Figure 1. Synergic effects of tumor-associated antigen-specific CD4+ TH cells and CD8+ T cells against brain cancer. (A) In vitro polarized TH1 cells preferentially infiltrate an intracranial tumor. (B) TH1 cells specific for a tumor-associated antigen enhanced the infiltration of neoplastic lesions by CD8+ T cells and the ability of the latter to secrete cytokines. (C) Both TH1 and TH2 T cells have therapeutic effects when co-administered with CD8+ T cells, potentially owing to in vivo repolarization. APC, antigen-presenting cell; IFNγ, interferon γ; IL, interleukin.

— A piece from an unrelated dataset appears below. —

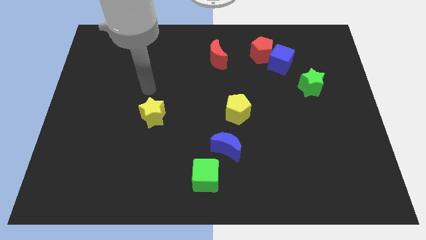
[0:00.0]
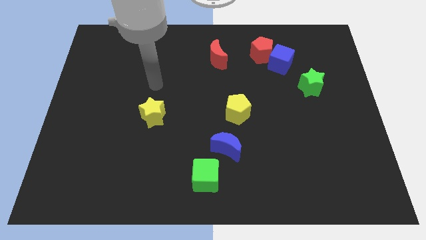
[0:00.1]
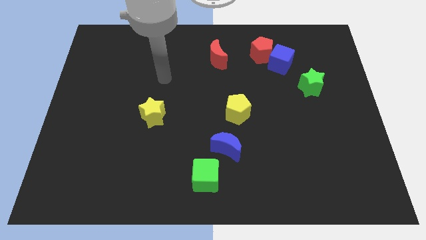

In conclusion, the adoptive transfer of T cells for the immunotherapy of brain tumors does not require the clinically inconvenient approach of local delivery, since systemically delivered TAA-specific TH1 CD4+ and CD8+ T cells exert synergistic anticancer effects. But is TH1 polarization a required complexity? In some circumstances probably not, because we demonstrated that in long-term models of immunotherapy against brain cancer, even TH2 polarized CD4+ cells can synergize with CD8+ effector cells (Fig. 1C). This may be because of the inherent plasticity of in vitro polarized TH1 or TH2 CD4+ T cells, which may repolarize in vivo, in appropriate microenvironments.